■ Action item
Return, word for word, only the lines of the data below that lie between the line with "und Gutachtens der Lbl. Com¬" and the line with "Es hat der Kleine Rath, nach An¬", those two lines included.

■ Supplied records
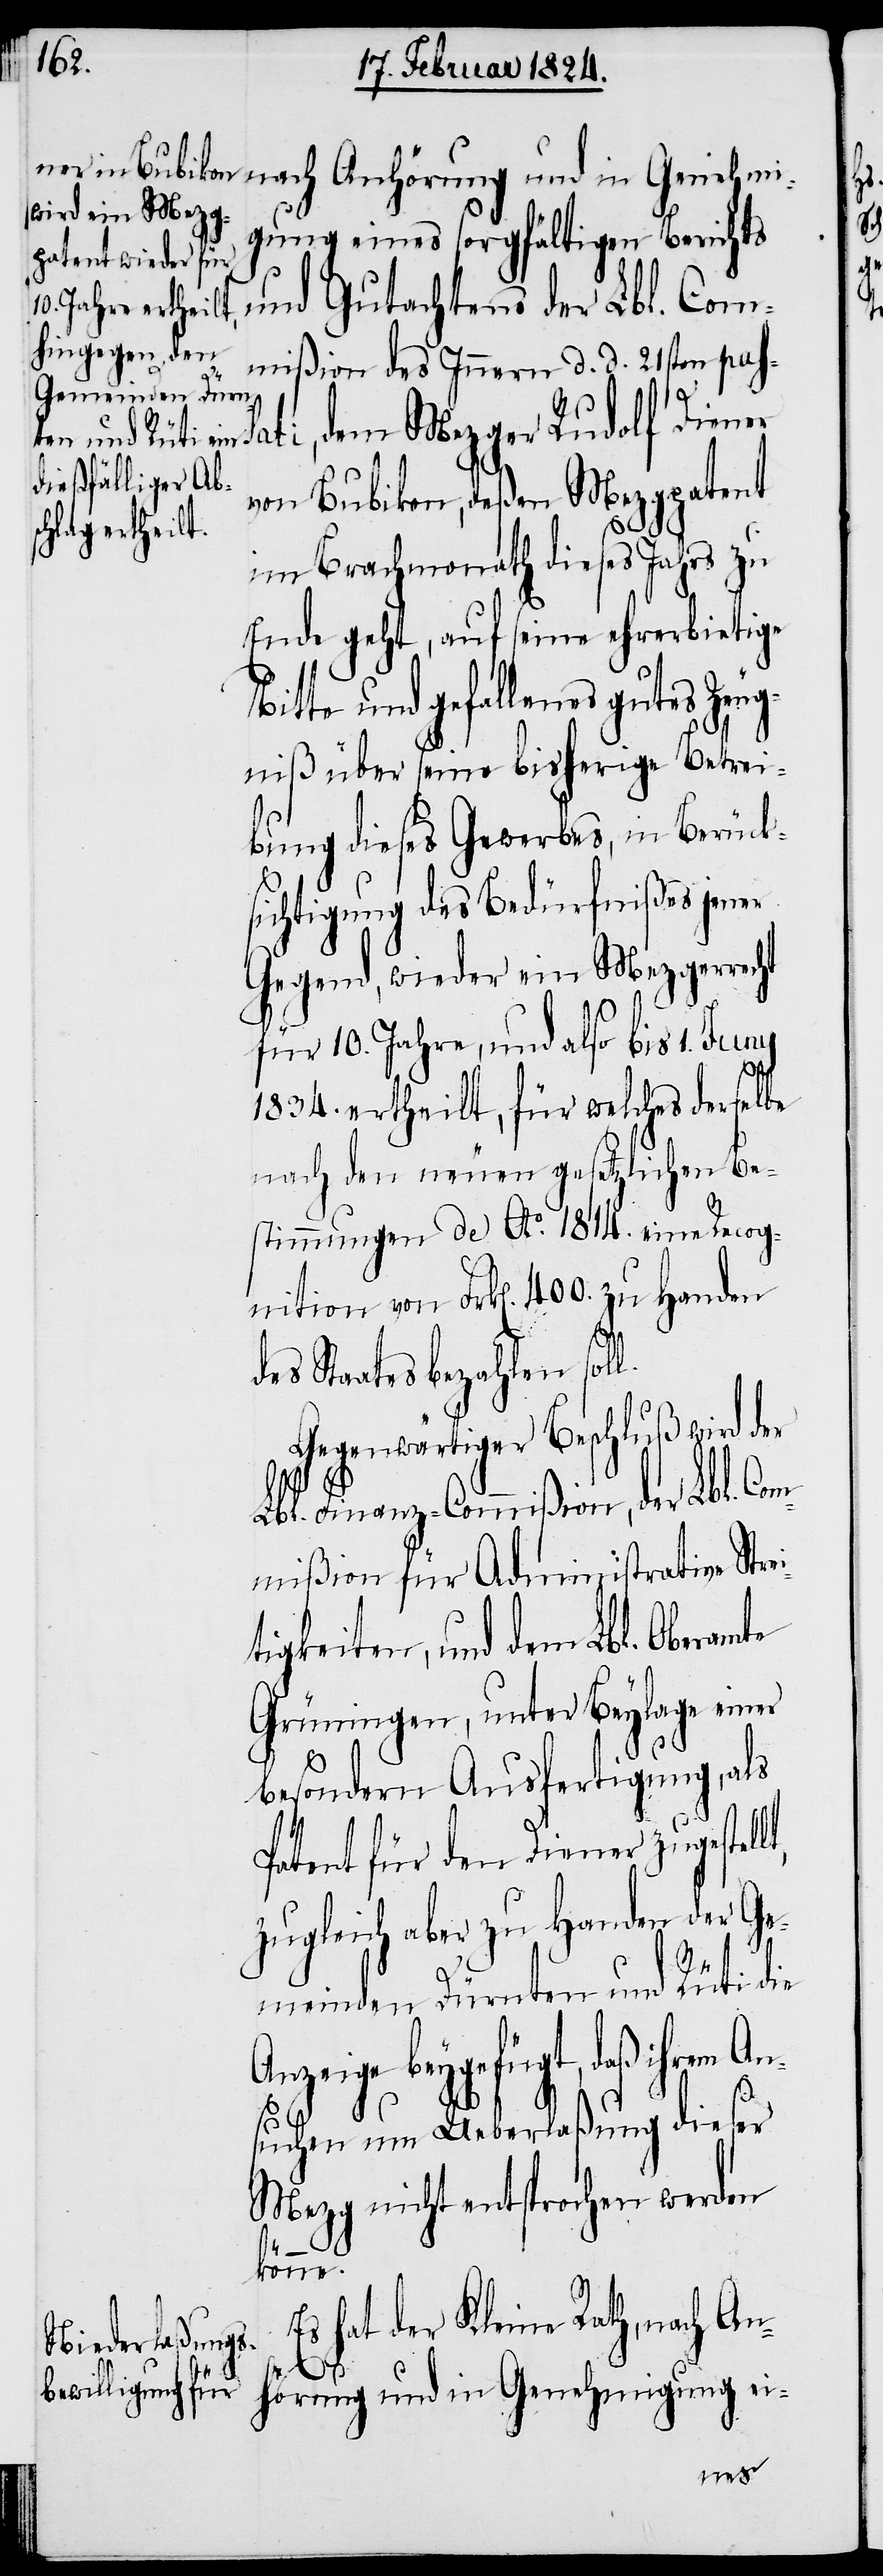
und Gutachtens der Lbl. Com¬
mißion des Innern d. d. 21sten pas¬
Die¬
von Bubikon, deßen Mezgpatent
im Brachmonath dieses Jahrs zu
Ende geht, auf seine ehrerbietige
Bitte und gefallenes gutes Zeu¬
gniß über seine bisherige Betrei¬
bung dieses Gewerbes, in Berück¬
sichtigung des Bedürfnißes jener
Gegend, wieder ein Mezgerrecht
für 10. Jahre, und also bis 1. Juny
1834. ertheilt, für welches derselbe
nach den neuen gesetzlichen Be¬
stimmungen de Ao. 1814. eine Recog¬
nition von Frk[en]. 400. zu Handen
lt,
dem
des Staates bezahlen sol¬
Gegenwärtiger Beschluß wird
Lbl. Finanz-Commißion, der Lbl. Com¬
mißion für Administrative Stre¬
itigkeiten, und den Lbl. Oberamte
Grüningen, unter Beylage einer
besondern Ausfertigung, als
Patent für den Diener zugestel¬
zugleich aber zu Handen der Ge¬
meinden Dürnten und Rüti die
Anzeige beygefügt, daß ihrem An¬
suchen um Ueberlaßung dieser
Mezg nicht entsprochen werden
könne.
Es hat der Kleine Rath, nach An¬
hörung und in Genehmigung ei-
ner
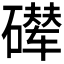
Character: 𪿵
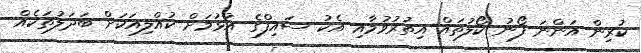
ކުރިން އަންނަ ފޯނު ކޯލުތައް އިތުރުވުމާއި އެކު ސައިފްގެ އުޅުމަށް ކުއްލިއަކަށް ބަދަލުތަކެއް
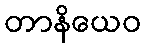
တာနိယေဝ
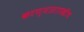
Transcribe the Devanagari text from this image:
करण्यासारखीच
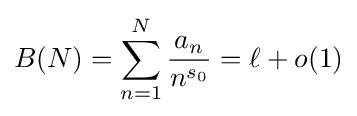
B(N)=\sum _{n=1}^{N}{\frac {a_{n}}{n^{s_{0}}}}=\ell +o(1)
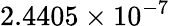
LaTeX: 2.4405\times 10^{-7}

...

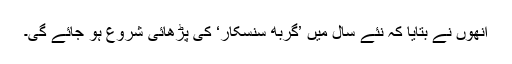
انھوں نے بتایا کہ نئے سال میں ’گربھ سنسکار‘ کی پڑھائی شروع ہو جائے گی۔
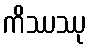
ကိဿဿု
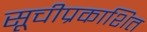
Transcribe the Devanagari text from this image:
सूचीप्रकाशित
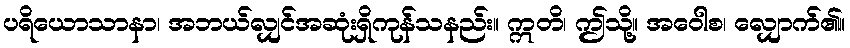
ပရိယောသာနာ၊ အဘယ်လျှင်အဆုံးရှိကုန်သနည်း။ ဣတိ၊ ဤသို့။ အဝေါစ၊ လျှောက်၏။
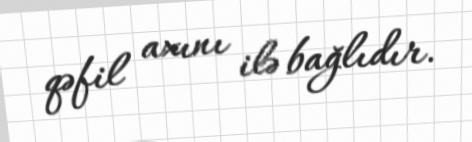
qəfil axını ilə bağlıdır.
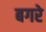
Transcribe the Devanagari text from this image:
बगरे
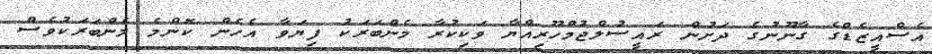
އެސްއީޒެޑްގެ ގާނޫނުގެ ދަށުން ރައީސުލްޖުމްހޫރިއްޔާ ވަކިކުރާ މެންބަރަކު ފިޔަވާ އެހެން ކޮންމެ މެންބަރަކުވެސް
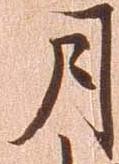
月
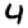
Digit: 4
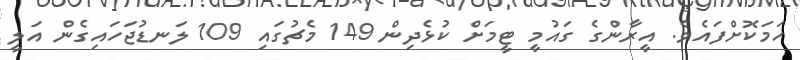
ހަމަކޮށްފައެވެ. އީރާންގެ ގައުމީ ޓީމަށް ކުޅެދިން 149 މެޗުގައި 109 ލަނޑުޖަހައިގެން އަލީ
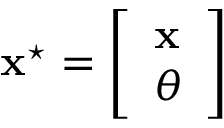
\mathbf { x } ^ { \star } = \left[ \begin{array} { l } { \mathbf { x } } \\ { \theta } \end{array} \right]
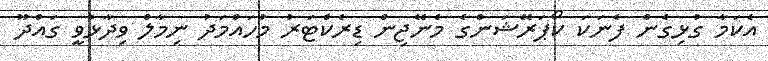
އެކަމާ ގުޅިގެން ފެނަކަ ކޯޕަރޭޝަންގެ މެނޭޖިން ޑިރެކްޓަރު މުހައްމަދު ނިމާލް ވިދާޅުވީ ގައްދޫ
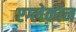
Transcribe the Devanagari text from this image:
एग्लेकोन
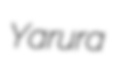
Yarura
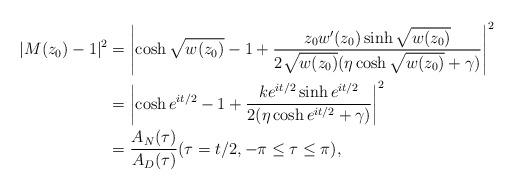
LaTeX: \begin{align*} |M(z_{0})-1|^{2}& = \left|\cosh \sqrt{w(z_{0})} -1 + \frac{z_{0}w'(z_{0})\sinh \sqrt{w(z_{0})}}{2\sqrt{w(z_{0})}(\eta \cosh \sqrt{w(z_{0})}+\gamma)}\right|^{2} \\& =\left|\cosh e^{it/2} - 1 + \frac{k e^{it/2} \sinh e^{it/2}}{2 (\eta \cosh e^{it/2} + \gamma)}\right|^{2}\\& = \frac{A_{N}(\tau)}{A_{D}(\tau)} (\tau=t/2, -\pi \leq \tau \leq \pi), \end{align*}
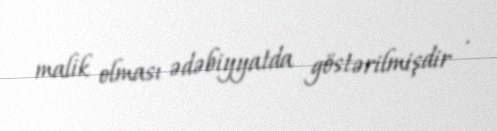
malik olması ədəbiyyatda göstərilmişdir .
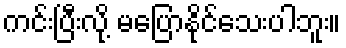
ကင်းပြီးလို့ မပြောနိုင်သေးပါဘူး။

■ Output for this exercise
und Gutachtens der Lbl. Com¬
mißion des Innern d. d. 21sten pas¬
Die¬
von Bubikon, deßen Mezgpatent
im Brachmonath dieses Jahrs zu
Ende geht, auf seine ehrerbietige
Bitte und gefallenes gutes Zeu¬
gniß über seine bisherige Betrei¬
bung dieses Gewerbes, in Berück¬
sichtigung des Bedürfnißes jener
Gegend, wieder ein Mezgerrecht
für 10. Jahre, und also bis 1. Juny
1834. ertheilt, für welches derselbe
nach den neuen gesetzlichen Be¬
stimmungen de Ao. 1814. eine Recog¬
nition von Frk[en]. 400. zu Handen
lt,
dem
des Staates bezahlen sol¬
Gegenwärtiger Beschluß wird
Lbl. Finanz-Commißion, der Lbl. Com¬
mißion für Administrative Stre¬
itigkeiten, und den Lbl. Oberamte
Grüningen, unter Beylage einer
besondern Ausfertigung, als
Patent für den Diener zugestel¬
zugleich aber zu Handen der Ge¬
meinden Dürnten und Rüti die
Anzeige beygefügt, daß ihrem An¬
suchen um Ueberlaßung dieser
Mezg nicht entsprochen werden
könne.
Es hat der Kleine Rath, nach An¬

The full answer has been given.